GDPR became law in the UK earlier this year and there are several connotations for the trade, writes lawyer Stephen Connolly
IN May of this year, to great media fanfare, the EU’s General Data Protection Regulation 2016 (GDPR) became law in the UK, through the introduction of the Data Protection Act 2018.
The new rules apply to any organisation which acts as a “data controller”, being an organisation which holds or processes any personal data relating to a living individual (a data subject).
Personal data has a wide definition and its ambit covers any information from which a living individual can be identified (eg. name, address, email address, phone number, image, description).
Equally, any more general information held by an organisation which would allow for an individual to be identified would also amount to personal data for the purposes of the GDPR.
In that context, any individual about whom any trader holds personal data will have rights which need to be observed by the data controller.
This applies equally to any customers, patrons or guests whose information is held as well as any employees/staff who are engaged to work.
There are certain common issues that arise for those working in the licensed trade when considering GDPR obligations.
However, before highlighting some of these, the first and perhaps most important thing to remember is that an organisation is only permitted to hold and process personal data where it has a legitimate basis for doing so.
There are seven potential bases set out in the GDPR, five of which could potentially be relied upon by those operating in the licensed trade.
They are:
• the data controller has the data subject’s consent to hold/process the data
• that the processing is necessary for the performance of a contract
• it is necessary for compliance with legal obligations
• it is necessary to protect the individual’s vital interests or
• it is necessary for the legitimate interests of the data controller and there is no overriding reason to restrict processing.
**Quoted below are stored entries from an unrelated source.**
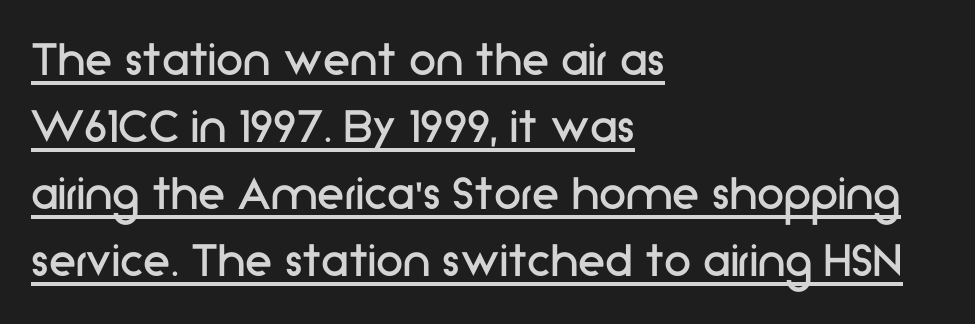
This is not heavy type; no bold has been used. Ascenders rise straight up at ninety degrees. The string is rendered with underlining switched on. The setting favours the left margin, as ordinary paragraphs usually do. You could call the tracking neutral — neither tight nor loose. Character widths vary here, with narrow letters taking less room than wide ones.
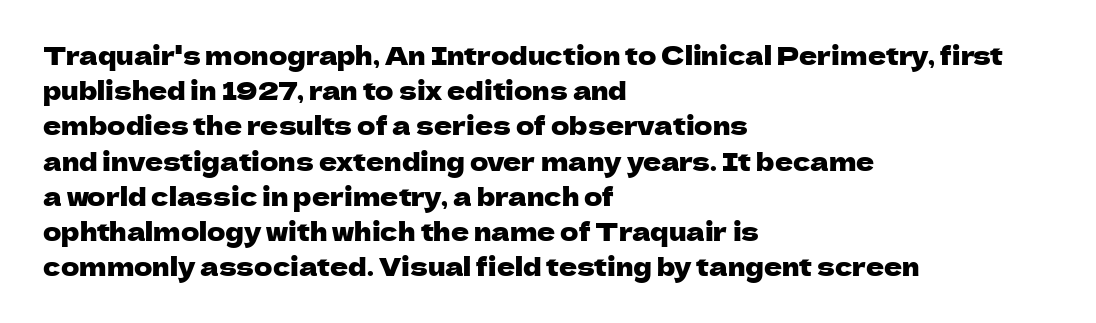
Q: Is the text italic (slanted)? A: No, it is upright.
Q: Is the text underlined? A: No.
Q: How is the paragraph aligned? A: Left-aligned.
Q: Is the spacing between letters normal or unusually wide? A: Normal.
Q: Is the spacing between lines tight, normal or loose? A: Normal.
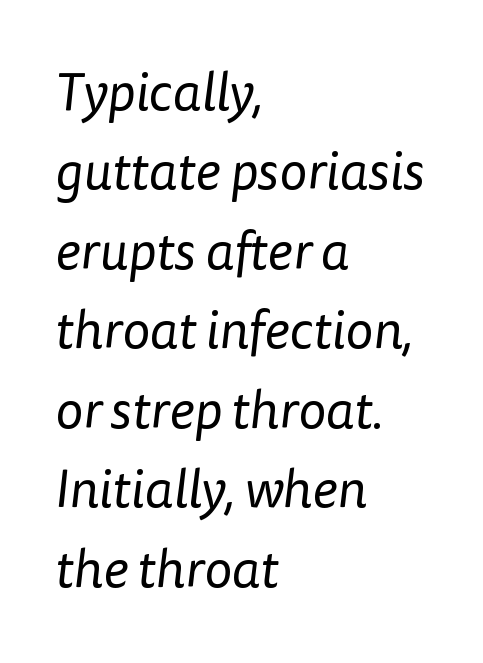
Q: Is the text bold? A: No.
Q: Is the typeface a serif or a sans-serif typeface? A: Sans-serif.
Q: Is the text underlined? A: No.
Q: How is the paragraph aligned? A: Left-aligned.
Q: Is the spacing between letters normal or unusually wide? A: Normal.
Q: Is the spacing between lines tight, normal or loose? A: Normal.
Q: Width (condensed, normal, or wide)? A: Normal.
Q: Stroke contrast? A: Low.
Q: x-height? A: Medium.
Q: Monospaced? A: No.
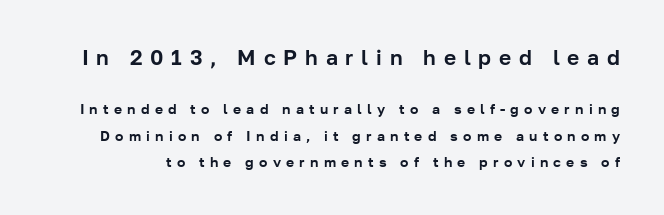
{"italic": "no", "underline": "no", "line_spacing_ratio": 1.88, "letter_spacing": "wide", "letter_spacing_em": 0.37, "larger_block": "first", "size_ratio": 1.5, "glyph_px": 21}
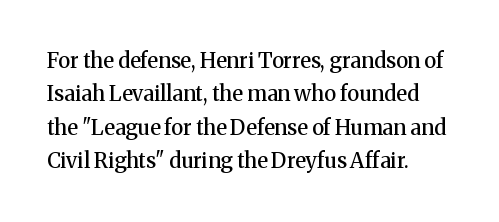
Q: Is the text bold? A: Semi-bold.
Q: Is the text italic (slanted)? A: No, it is upright.
Q: Is the text underlined? A: No.
Q: How is the paragraph aligned? A: Left-aligned.
Q: Is the spacing between letters normal or unusually wide? A: Normal.
Q: Is the spacing between lines tight, normal or loose? A: Normal.
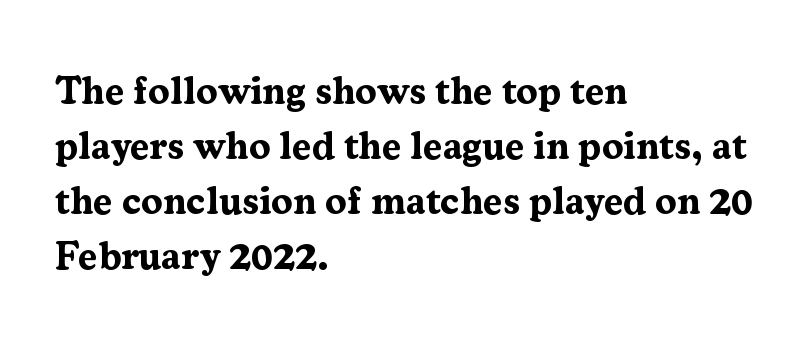
The image shows 39 px bold serif type, upright; set left-aligned, normal line spacing (1.41x), normal letter spacing, not underlined; medium stroke contrast and a medium x-height.
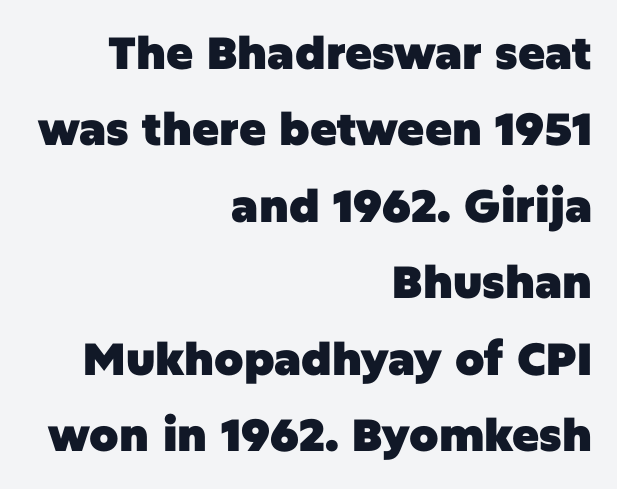
Each line ends at the same right margin while the left side varies. Its strokes are broad and dark, the hallmark of bold type. Nobody drew a line under any word here. The letters advance in unequal steps, a hallmark of proportional type. This block has exactly the height ordinary leading produces.
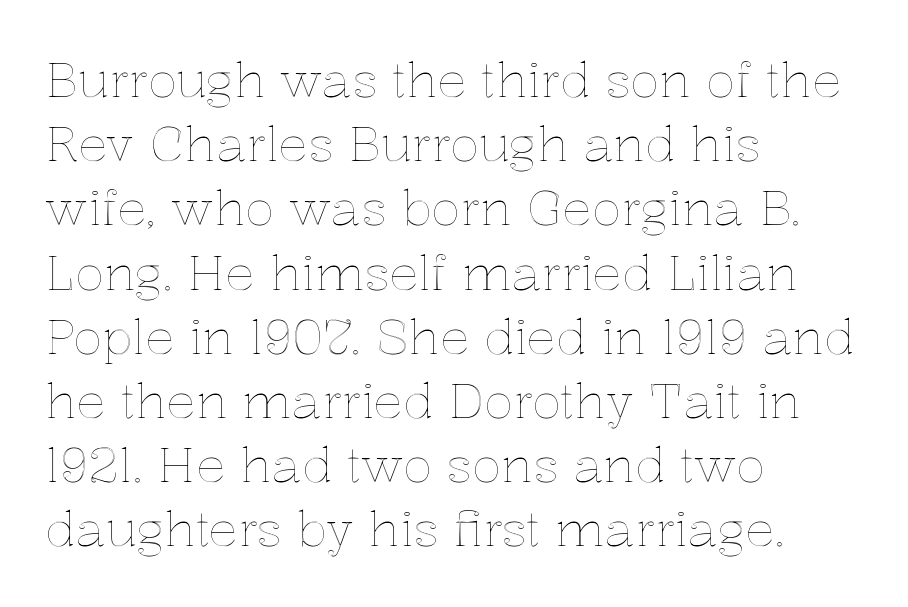
The image shows 49 px text type, upright; set left-aligned, normal line spacing (1.31x), normal letter spacing, not underlined; a medium x-height.

It is important for any data controller to be able to clearly point to one of these bases so as to allow them to hold and process personal data.
Some of the more common matters which see a crossover between GDPR obligations and requirements for the licensed trade are: holding required statutory information about personal licence holders, deliveries, use of CCTV, sign-in books for private members’ clubs, and marketing.
I will examine these matters in greater detail in the next issue of SLTN.
The new law is in its infancy and the Information Commissioner’s Office website (ico.org.uk) contains lots of useful advice and guidance on how to stay on top of matters.
Having clear written policies and forms will ensure that organisations adhere to the standards now expected of them.
In regards to the issues detailed above, that would require having a data protection impact assessment setting out the basis for holding data, the use to which that data is to be put and the other parameters for holding the data.
Such records will be invaluable should any complaints be raised by data subjects about the use to which their personal data is being put.
• Stephen Connolly is a partner at Glasgow legal firm Miller Samuel Hill Brown.